What you are asked to do = The result should be all the records, exact and complete, without a single picture.

Start of Block

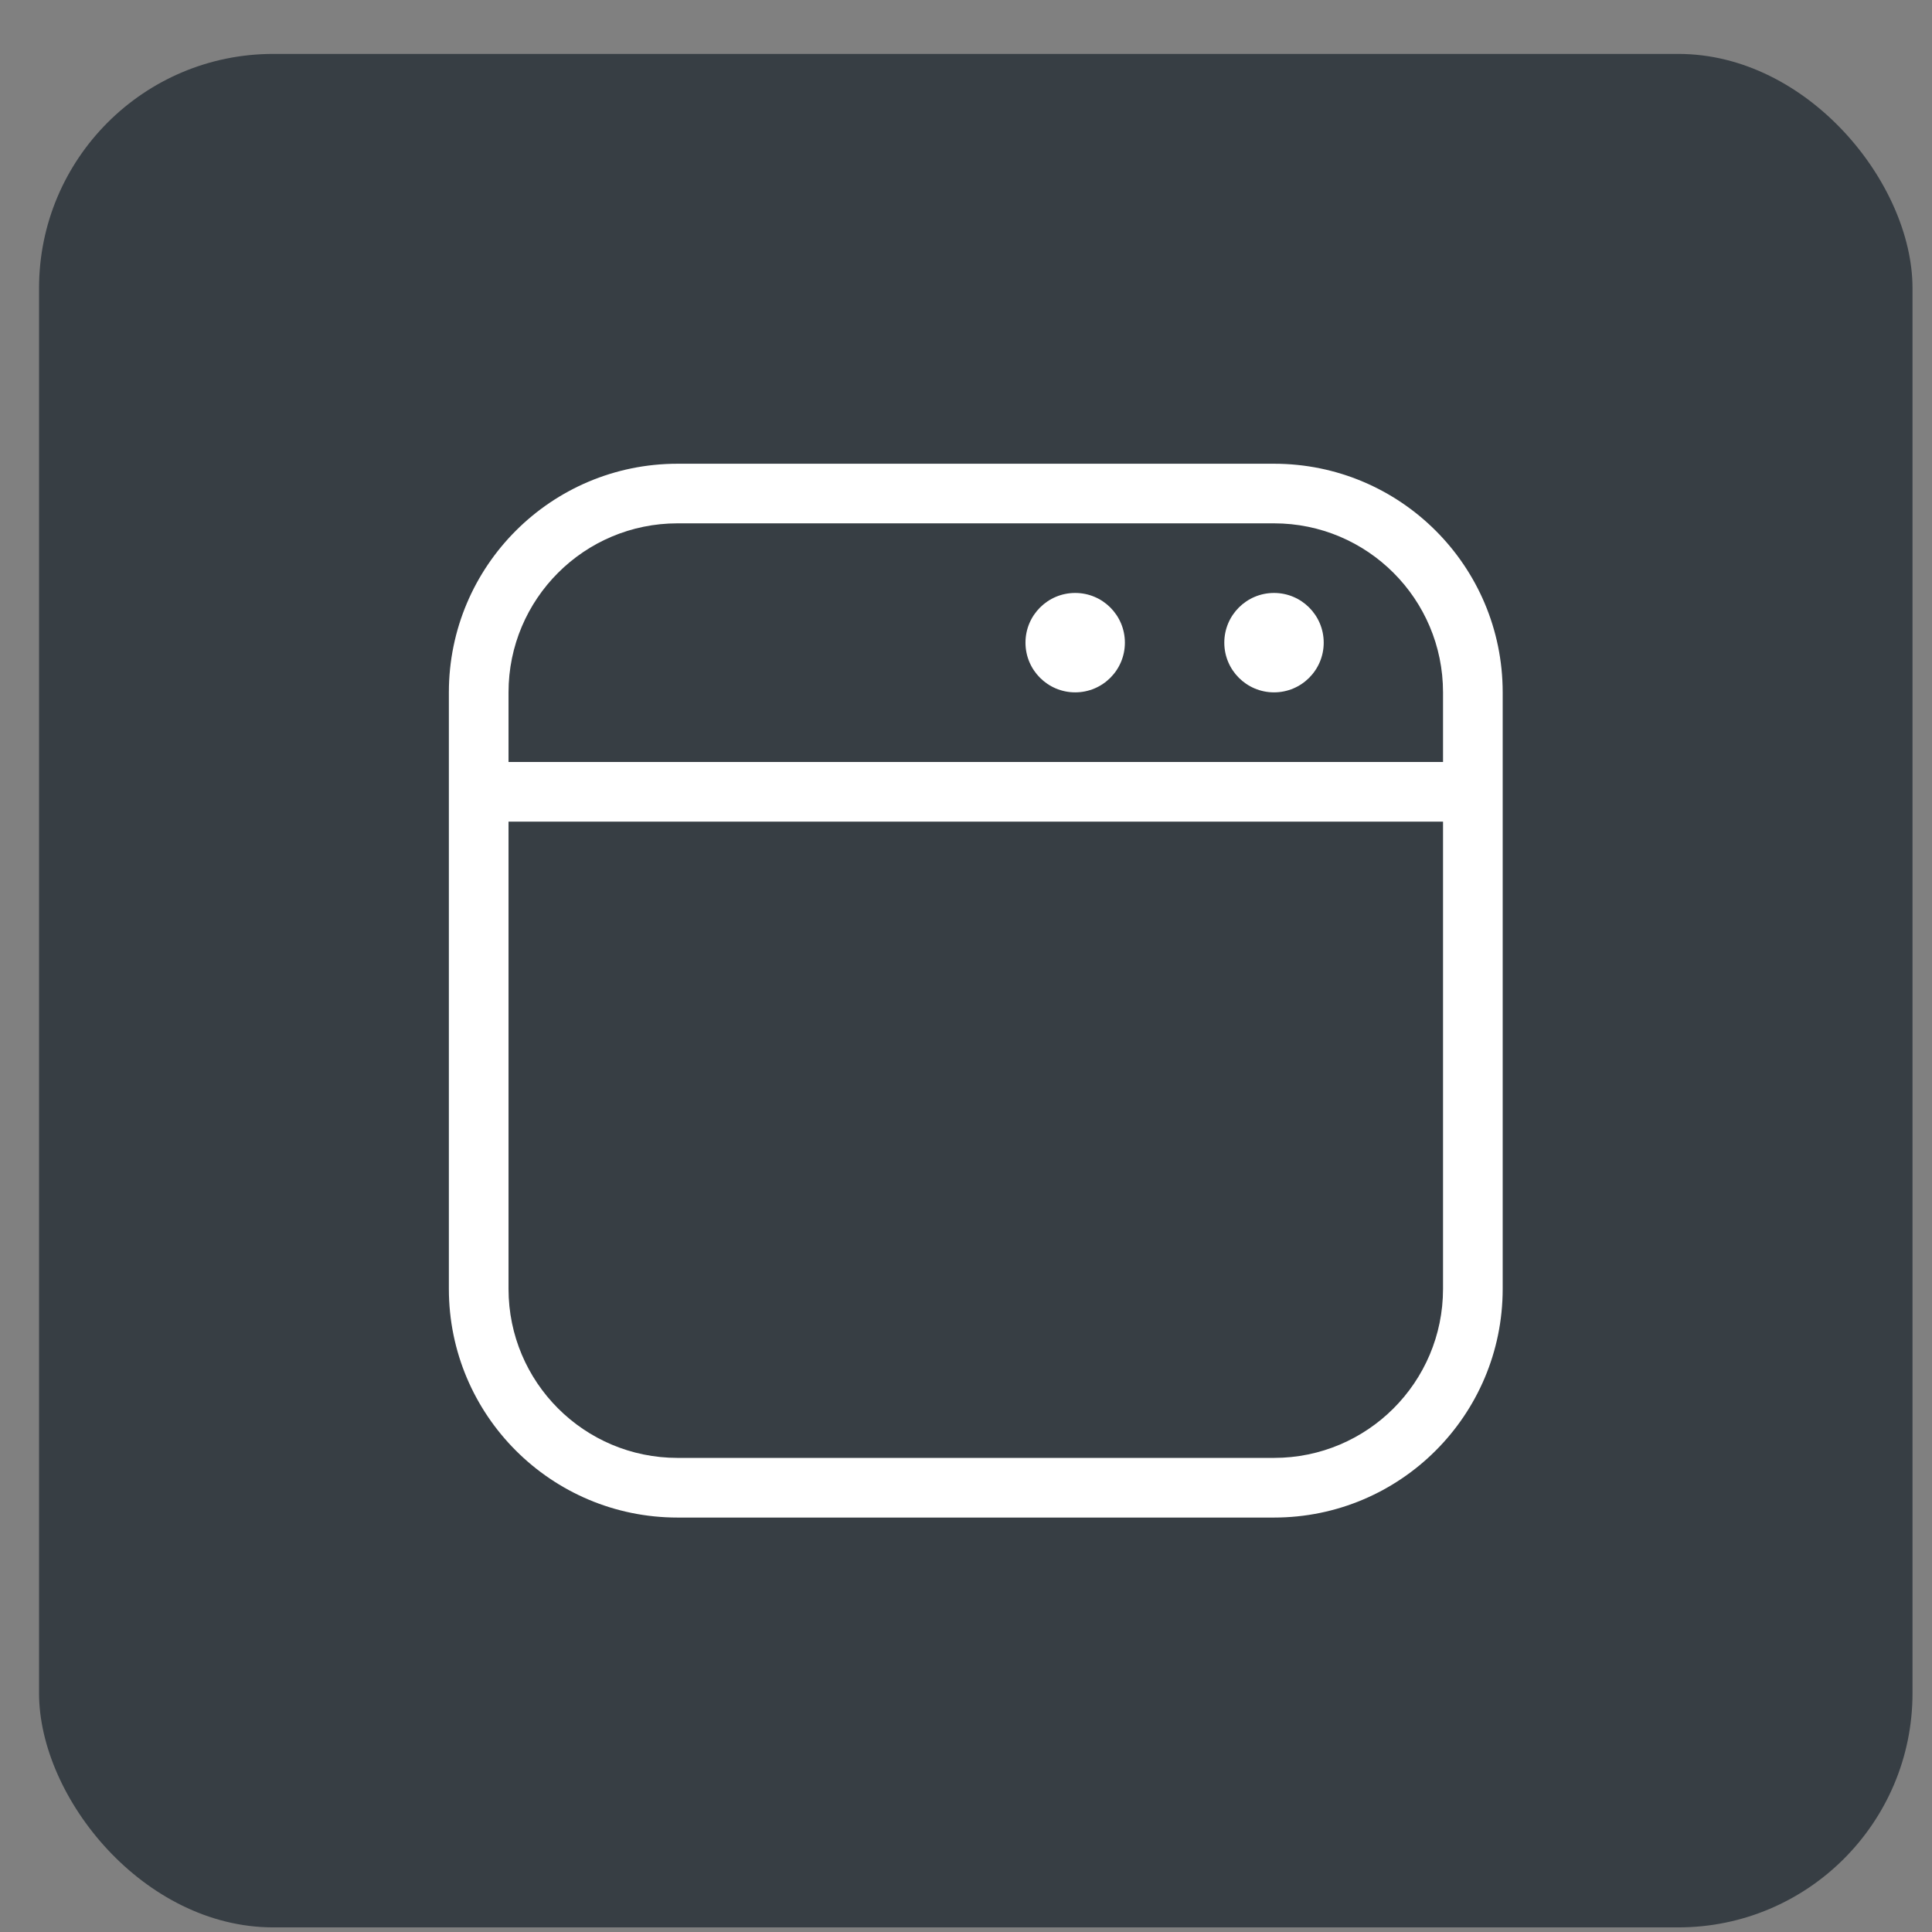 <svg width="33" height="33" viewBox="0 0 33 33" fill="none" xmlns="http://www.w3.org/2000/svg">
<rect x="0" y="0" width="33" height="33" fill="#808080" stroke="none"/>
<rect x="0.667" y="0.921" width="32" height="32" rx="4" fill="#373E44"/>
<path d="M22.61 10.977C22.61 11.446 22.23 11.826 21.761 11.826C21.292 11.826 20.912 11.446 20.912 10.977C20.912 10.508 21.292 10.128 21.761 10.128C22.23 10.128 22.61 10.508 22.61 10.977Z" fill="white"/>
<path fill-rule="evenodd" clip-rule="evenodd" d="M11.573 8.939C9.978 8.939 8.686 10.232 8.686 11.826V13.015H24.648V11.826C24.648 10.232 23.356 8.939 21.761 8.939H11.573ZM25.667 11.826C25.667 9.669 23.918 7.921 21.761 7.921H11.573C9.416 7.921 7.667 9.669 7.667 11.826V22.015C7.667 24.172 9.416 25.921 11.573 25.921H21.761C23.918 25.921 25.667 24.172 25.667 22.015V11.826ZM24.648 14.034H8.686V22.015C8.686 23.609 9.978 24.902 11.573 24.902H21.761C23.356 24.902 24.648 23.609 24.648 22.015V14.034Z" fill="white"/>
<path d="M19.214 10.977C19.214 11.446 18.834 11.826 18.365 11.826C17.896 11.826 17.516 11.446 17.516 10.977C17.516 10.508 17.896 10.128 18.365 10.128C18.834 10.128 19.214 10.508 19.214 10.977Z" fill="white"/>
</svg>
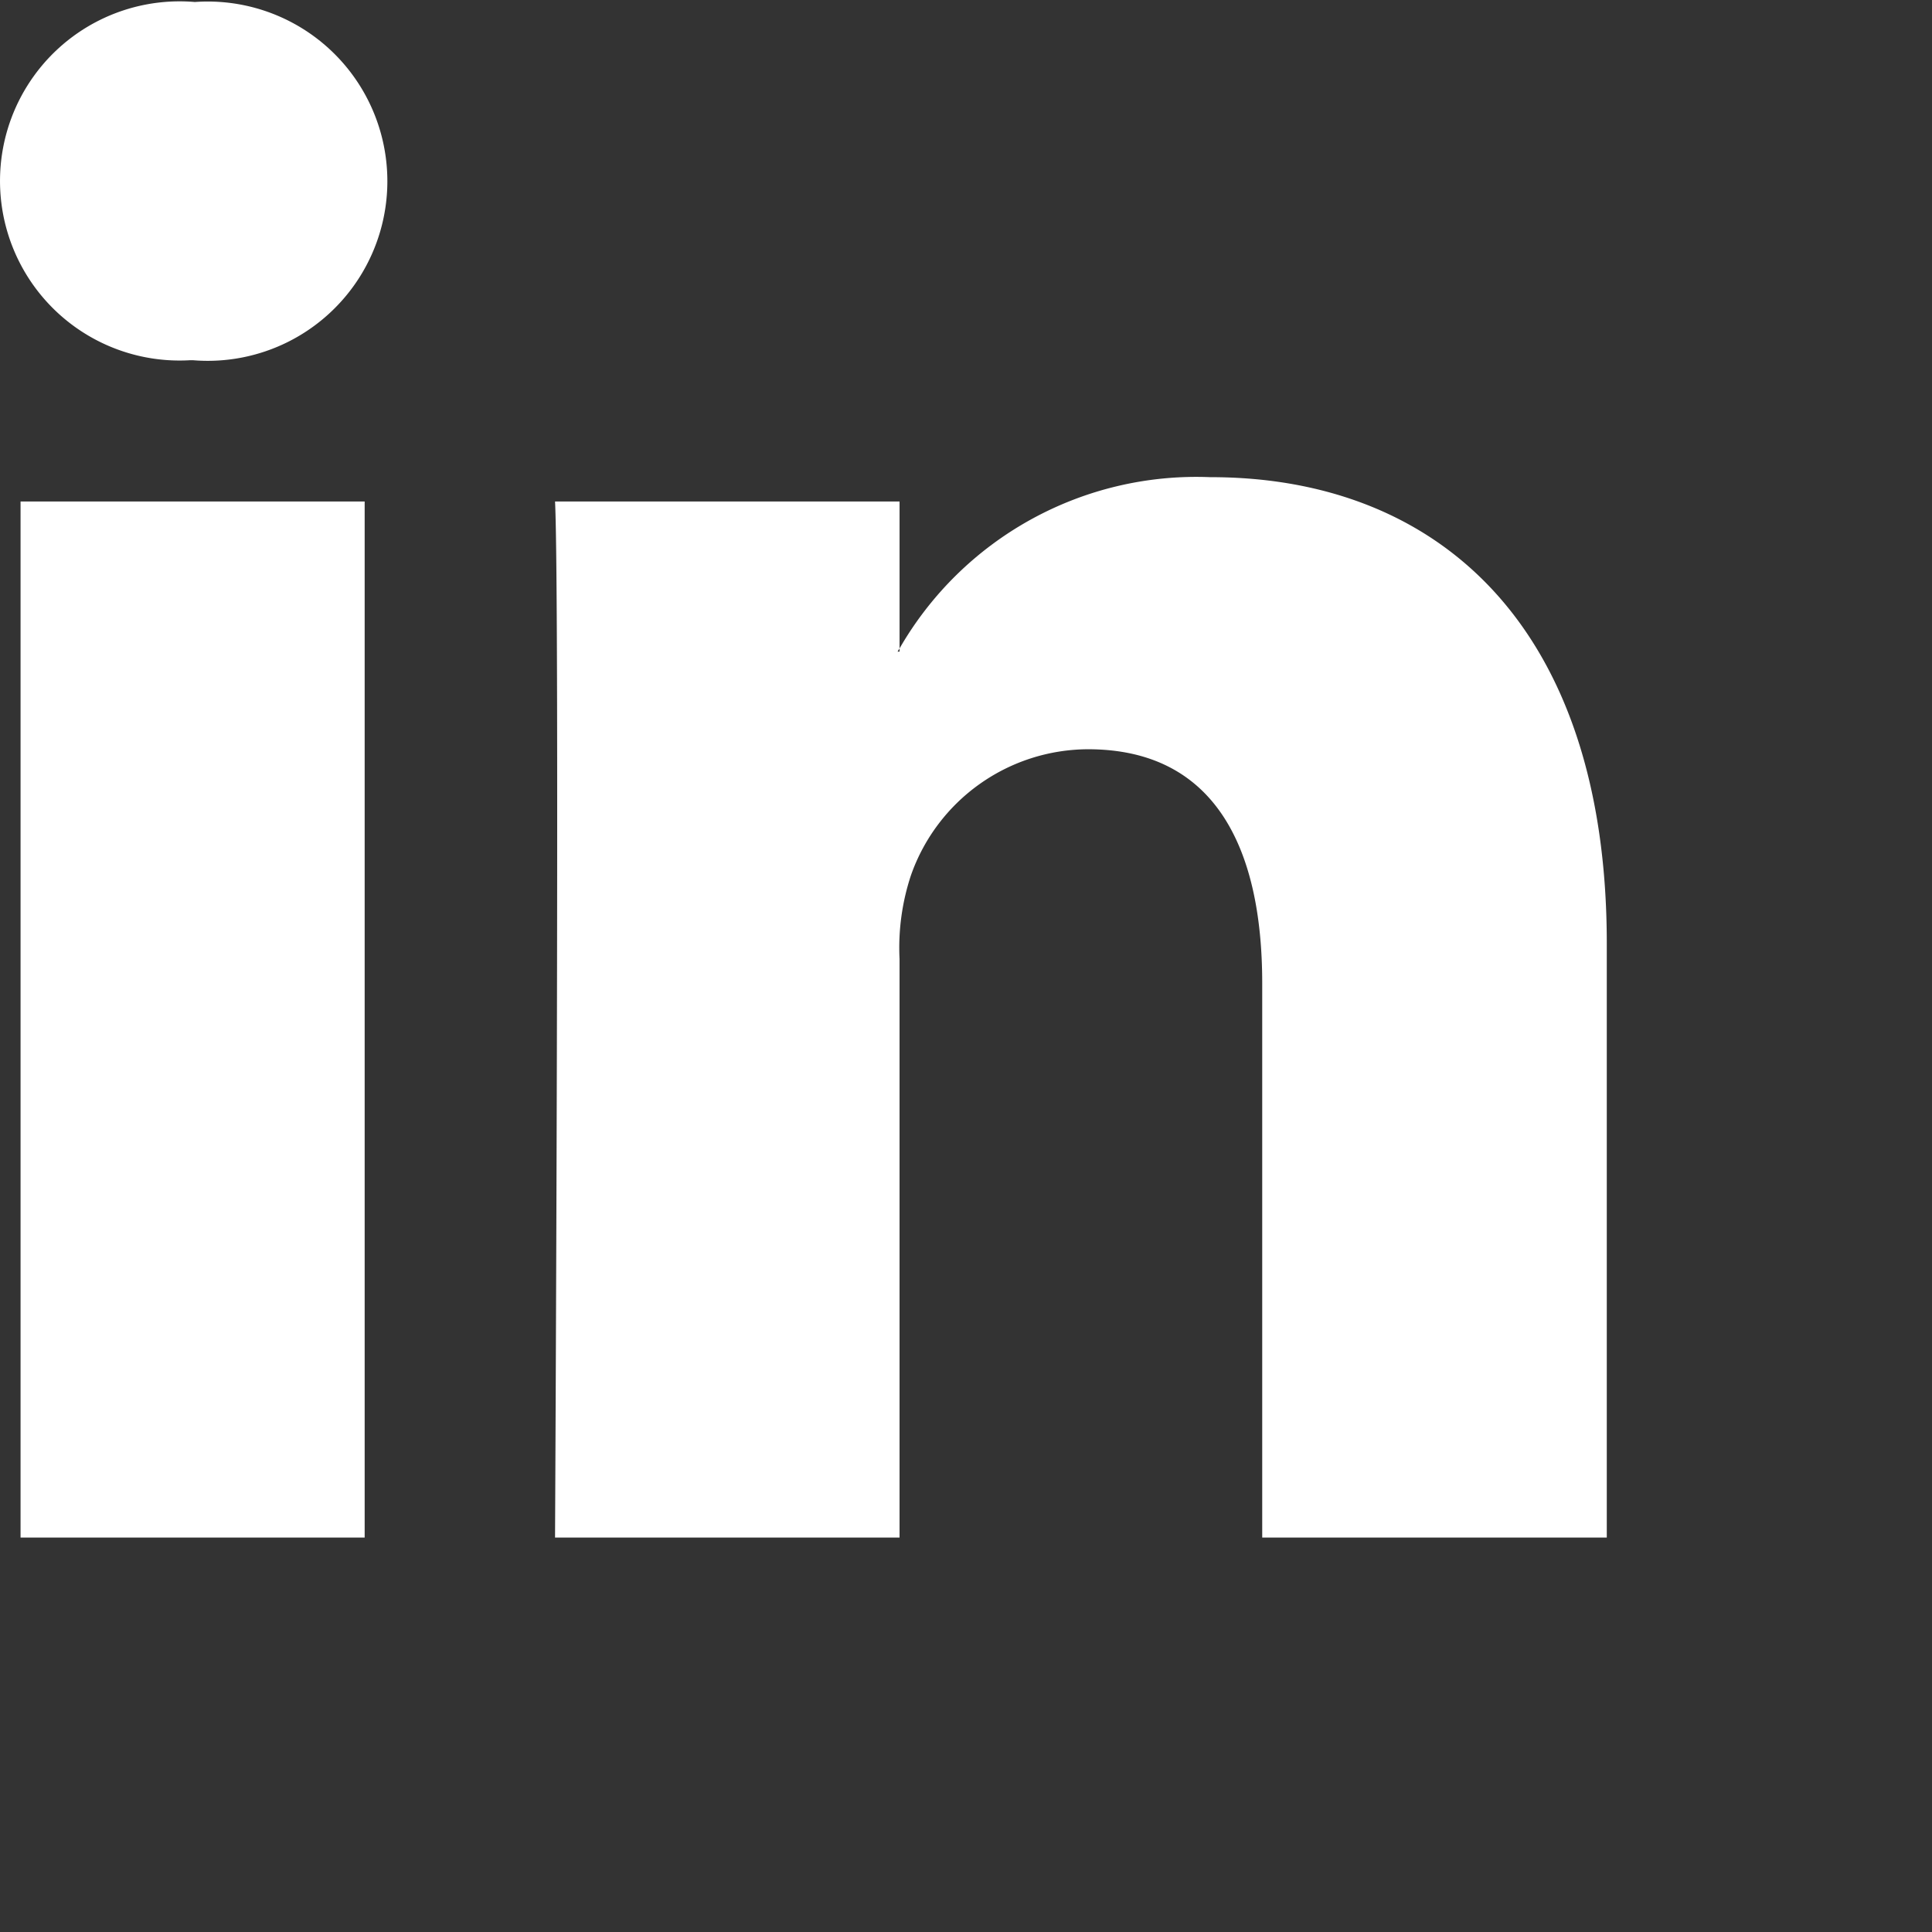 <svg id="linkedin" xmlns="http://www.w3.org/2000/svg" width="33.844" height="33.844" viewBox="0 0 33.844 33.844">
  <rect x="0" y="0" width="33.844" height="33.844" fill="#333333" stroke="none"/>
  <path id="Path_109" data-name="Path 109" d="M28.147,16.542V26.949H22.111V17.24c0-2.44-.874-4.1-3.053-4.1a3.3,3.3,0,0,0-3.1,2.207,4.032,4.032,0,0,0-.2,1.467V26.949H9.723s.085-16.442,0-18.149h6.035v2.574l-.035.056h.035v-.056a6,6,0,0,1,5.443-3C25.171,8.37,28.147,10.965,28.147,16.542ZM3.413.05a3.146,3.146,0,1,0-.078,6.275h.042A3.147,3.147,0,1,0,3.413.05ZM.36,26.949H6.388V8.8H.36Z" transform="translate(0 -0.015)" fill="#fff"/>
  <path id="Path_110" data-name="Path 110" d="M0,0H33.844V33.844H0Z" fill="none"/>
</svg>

End of Block

Answer for the task =
 <svg width="33" height="33" viewBox="0 0 33 33" fill="none" xmlns="http://www.w3.org/2000/svg">
<rect x="0" y="0" width="33" height="33" fill="#808080" stroke="none"/>
<rect x="0.667" y="0.921" width="32" height="32" rx="4" fill="#373E44"/>
<path d="M22.61 10.977C22.61 11.446 22.23 11.826 21.761 11.826C21.292 11.826 20.912 11.446 20.912 10.977C20.912 10.508 21.292 10.128 21.761 10.128C22.23 10.128 22.61 10.508 22.61 10.977Z" fill="white"/>
<path fill-rule="evenodd" clip-rule="evenodd" d="M11.573 8.939C9.978 8.939 8.686 10.232 8.686 11.826V13.015H24.648V11.826C24.648 10.232 23.356 8.939 21.761 8.939H11.573ZM25.667 11.826C25.667 9.669 23.918 7.921 21.761 7.921H11.573C9.416 7.921 7.667 9.669 7.667 11.826V22.015C7.667 24.172 9.416 25.921 11.573 25.921H21.761C23.918 25.921 25.667 24.172 25.667 22.015V11.826ZM24.648 14.034H8.686V22.015C8.686 23.609 9.978 24.902 11.573 24.902H21.761C23.356 24.902 24.648 23.609 24.648 22.015V14.034Z" fill="white"/>
<path d="M19.214 10.977C19.214 11.446 18.834 11.826 18.365 11.826C17.896 11.826 17.516 11.446 17.516 10.977C17.516 10.508 17.896 10.128 18.365 10.128C18.834 10.128 19.214 10.508 19.214 10.977Z" fill="white"/>
</svg>
 <svg id="linkedin" xmlns="http://www.w3.org/2000/svg" width="33.844" height="33.844" viewBox="0 0 33.844 33.844">
  <rect x="0" y="0" width="33.844" height="33.844" fill="#333333" stroke="none"/>
  <path id="Path_109" data-name="Path 109" d="M28.147,16.542V26.949H22.111V17.24c0-2.44-.874-4.1-3.053-4.1a3.3,3.3,0,0,0-3.1,2.207,4.032,4.032,0,0,0-.2,1.467V26.949H9.723s.085-16.442,0-18.149h6.035v2.574l-.035.056h.035v-.056a6,6,0,0,1,5.443-3C25.171,8.37,28.147,10.965,28.147,16.542ZM3.413.05a3.146,3.146,0,1,0-.078,6.275h.042A3.147,3.147,0,1,0,3.413.05ZM.36,26.949H6.388V8.8H.36Z" transform="translate(0 -0.015)" fill="#fff"/>
  <path id="Path_110" data-name="Path 110" d="M0,0H33.844V33.844H0Z" fill="none"/>
</svg>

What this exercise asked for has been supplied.